Obra, estilo e características literárias A principal obra atribuída a Manuel de Araújo Porto Alegre é "Brasilianas", um poema épico que celebrava a figura do indígena como herói nacional. O seu estilo, embora por vezes considerado rústico ou em fase de transição, já demonstrava um anseio por temas genuinamente brasileiros, afastando-se dos modelos europeus e aproximando-se de uma identidade literária nacional. Os temas dominantes na sua obra são a valorização do indígena, a exaltação da natureza brasileira e o patriotismo. A forma utilizada era predominantemente épica, visando narrar feitos heroicos.

Obra, estilo e características literárias

Contexto cultural e histórico Manuel de Araújo Porto Alegre viveu num período de intensas transformações no Brasil, incluindo a Guerra dos Farrapos, na qual participou ativamente. Este contexto histórico de revoltas e de busca por uma identidade nacional influenciou profundamente a sua obra literária, impulsionando o interesse pela figura do indígena como símbolo da brasilidade.

Obra, estilo e características literárias

Vida pessoal Como militar e político, a vida de Porto Alegre foi marcada pela ação e pelo envolvimento em questões cívicas e militares. A sua participação na Guerra dos Farrapos é um dos aspetos mais relevantes da sua biografia pessoal e que, sem dúvida, ecoou na sua produção literária.

Obra, estilo e características literárias

Reconhecimento e receção O reconhecimento de Manuel de Araújo Porto Alegre como poeta, especialmente como precursor do indianismo, consolidou-se postumamente. Embora a sua obra não tenha tido a mesma projeção de outros autores românticos, a sua importância histórica para o desenvolvimento de uma literatura nacional é amplamente reconhecida por estudiosos.

Obra, estilo e características literárias

Influências e legado Manuel de Araújo Porto Alegre foi influenciado pelo idealismo romântico europeu, mas procurou adaptá-lo à realidade brasileira. O seu legado reside na sua ousadia em tratar temas nacionais e na sua contribuição para a fundação do indianismo literário no Brasil, abrindo caminho para autores como Gonçalves Dias.

Obra, estilo e características literárias

Interpretação e análise crítica A obra de Porto Alegre é vista como um testemunho da emergência de uma consciência nacional no Brasil do século XIX. A sua tentativa de criar um herói nacional a partir da figura indígena é um ponto central de análise crítica, refletindo as tensões e aspirações da época.

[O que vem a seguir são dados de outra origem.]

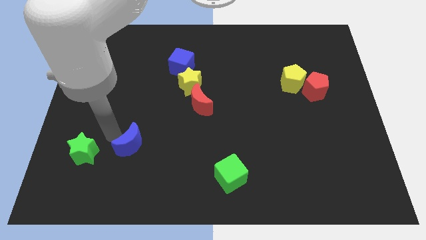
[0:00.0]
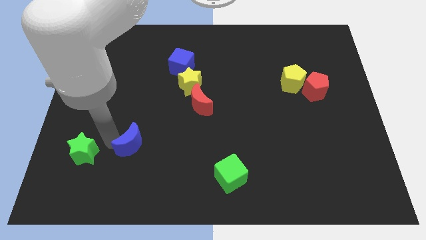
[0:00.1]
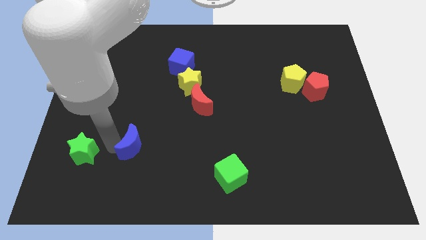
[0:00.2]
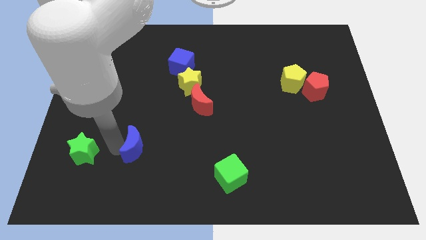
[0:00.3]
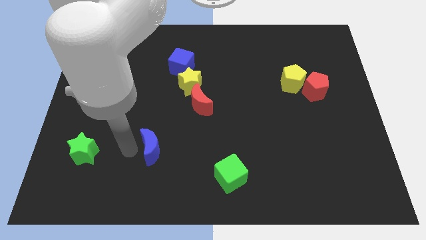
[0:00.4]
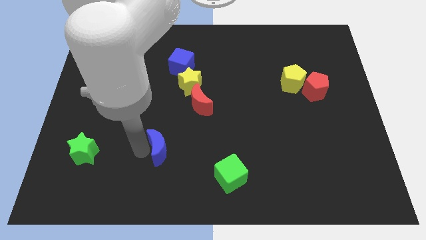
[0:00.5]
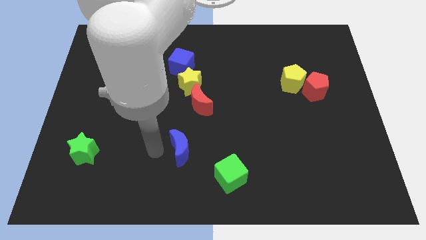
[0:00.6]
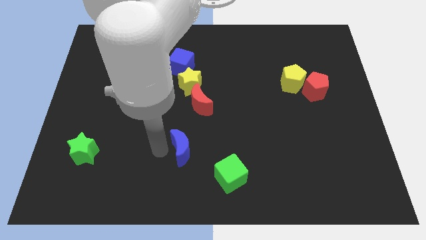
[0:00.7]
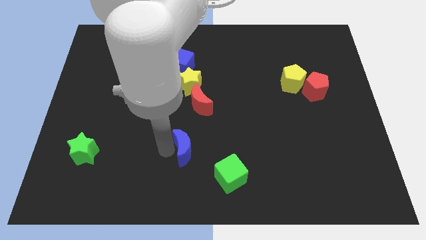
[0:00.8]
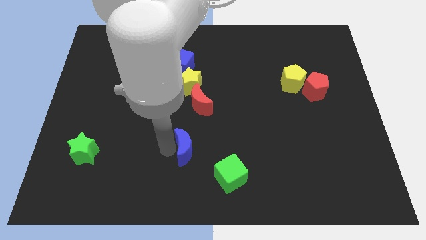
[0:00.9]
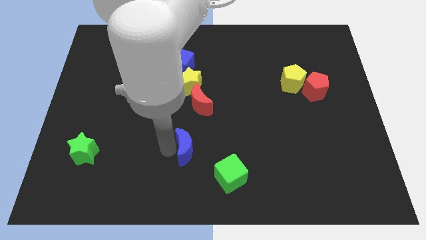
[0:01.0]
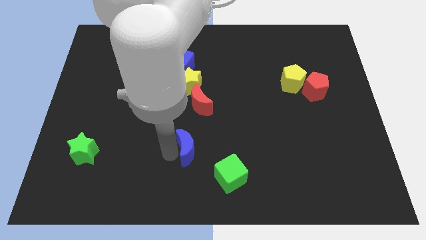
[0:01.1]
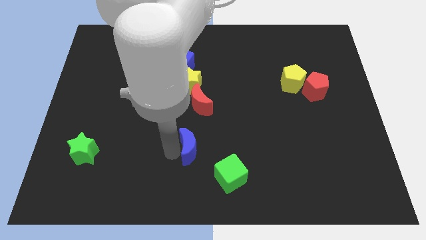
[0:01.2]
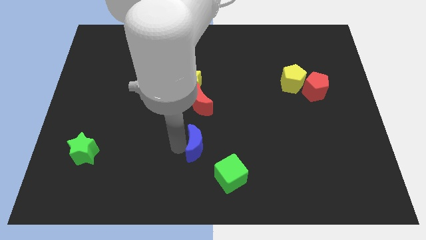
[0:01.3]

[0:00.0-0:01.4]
move the blue moon at the bottom of the yellow star vertically

Obra, estilo e características literárias

Curiosidades e aspetos menos conhecidos Um aspeto interessante é a sua atuação na Guerra dos Farrapos, um dos conflitos civis mais longos da história do Brasil. A sua produção literária, contrastando com a sua vida militar e política, revela um lado mais reflexivo e visionário.

Obra, estilo e características literárias

Morte e memória Manuel de Araújo Porto Alegre faleceu no Rio de Janeiro. A sua memória literária é preservada pela sua contribuição para o indianismo e pela sua visão de uma literatura autenticamente brasileira.